Monday, July 23, 2012

Devil's Paraphernelia--Part Two

The Oregon Coast seems to be the place where the Devil leaves his things around.  More on that later.

Sunday morning began with shopping in Newport down by the canning inudstry.  STINKY!!!  Some of the stores had some neat things and Tom took pictures of the murals that lined the street, but I had a hard time turning off my nose and was happy when we headed off to the Oregon Coast Aquarium (also in Newport--sans stinky.)

We caught the tail end of the sea lion feeding, and enjoyed watching a sea otter clean its toes, and walking through the glass-enclosed tube through the fishies and the sharks.  I got a good look at what kelp looks like underwater.  I've often seen its bullwhip-like shape on the shores, but had never really gotten a good look at it in its natural habitat.  The bulb has air in it that makes it float, making it look a bit like ultra-thin palm trees.

There were a few more shops before getting back out onto the road.  We drove as far as Yachats for lunch in a place called the Drift Inn.  There was a live piano player, and aside from all the fancy umbrellas hanging from the ceiling, it had a very old west sort of feel to me.  Kind of Wild West meets impressionism.

On to the aforementioned Devil's Paraphernelia, Devil's Churn.  Having seen the punchbowl the day before, I was prepared for swirling waters and I was not disappointed.  Originally, I was going to try to dash down the brief, steep trail, take a picture or two, and get back up within the fifteen free minutes we could get before having to pay a day use fee.  I'd gotten partway back up the trail when I got a phone call from Tom that he'd gone ahead and paid the fee, and go spend more time below.

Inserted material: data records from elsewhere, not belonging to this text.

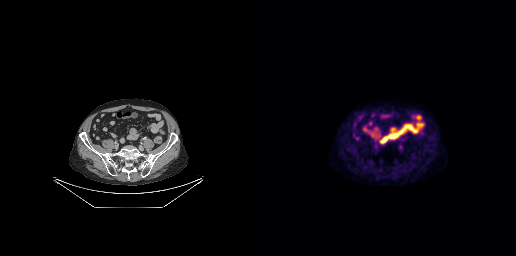
- Left: CT. Right: PSMA PET, same axial level, [18F]PSMA-1007 tracer
- slice position z = -568 mm
- PET panel 256×256 px (2.7 mm/px)
Findings: No PSMA-avid tumor lesions on this slice.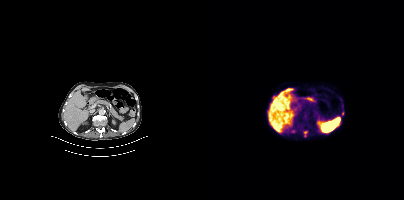
Two-panel axial: CT | PSMA PET, 18F-PSMA tracer. Acquired on Siemens Biograph mCT Flow 20. Slice position z = -556 mm. PET panel 200×200 px (4.1 mm/px). Coordinates are on the 200×200 PET (right) panel. (showing 1 of 2 foci) Small PSMA-avid focus (2 to 4 px across) near (center x, center y): (101, 132).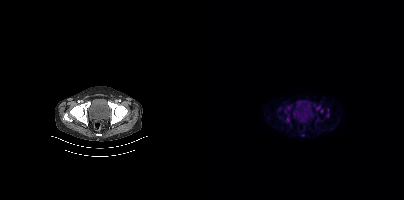
modality: PSMA PET/CT | tracer: [18F]PSMA-1007 | view: axial | PET grid: 200×200
Coordinates are on the 200×200 PET (right) panel. (showing 6 of 7 foci) PSMA-avid tumor lesion bounding boxes (x0,y0,x1,y1): [112,105,119,112], [82,115,85,121], [122,108,125,117]. Small PSMA-avid foci (2 to 4 px across) near (center x, center y): (84, 107), (81, 111), (75, 108).

Which I did.  The churn is long, straight cleft that the sea has dug out of the rock.  The waves rush up and funnel through, crashing on the sharp, black stones and racing to the back where they thunder off the end with a low rumble that almost shakes the ground.  I was feeling enthusiastic, so I got fairly close to the edge, close enough that one surprisingly large wave splashed so high I nearly got hit by the spray plume.  After that I retreated a bit, but spent a good deal of time just watching the water do its thing.  Tom made his way down and joined me for a while, staying closer to the base of the hill rather than clambering out on the rocks with me.  Probably just as well that one of us has a sense of self-preservation.  (It wasn't as dangerous as I might be making it sound, but enough so that I got my little adrenaline hit of "Ooo!  Excitement!")

Our next stop was Sea Lion Caves.  There was a bit of a disappointment there.  The caves are accessed by an elevator, which had broken down the day before.  So, no caves for us.  On the other hand, a large group of sea lions had appeared on the rocks at the base of the cliff--the lady said there were close to 300.  I didn't count, but there were certainly a lot of them, making all sorts of noise.  I was standing next to a staff member who was fielding all sort of inane questions with respectable grace.  One of my favorites, as we were listening to them bellowing, was "What kinds of noises do they make?"  Overall, an enjoyable stop, if a tad disappointing with no caves.

In Florence, we drove past the place where Tom's grandmother lived in a retirement home before she passed away.  We also attempted to drive past his grandparents' house, but we couldn't quite find it.

Just south of there, we stopped at the sand dunes.  We parked at the base of a dune and I struggled my way up to the top, sand infiltrating my shoes with startling speed.  By the time I got to the top and was looking out over the ocean, I noticed that everybody else was going barefoot and carrying their shoes.  A good plan.  The warm sand was heavenly, and not carrying the extra weight in my shoes was a definite plus.  I finally got my feet in the Pacific.  COLD!!!

After a little time to air dry, it was back over the dune, where Tom was waiting at the car.  (He's not a fan of sand.)  I was glad we stopped.  It was a new experience, and one I'll remember.

Finally, we arrived in Coos Bay.  It was a definite improvement over Saturday, in terms of my consciousness and crabbiness levels.  Less bonine was a very good thing.

A long drive on tap for Monday morning, so off to bed we went.  I even fell asleep before 10:00!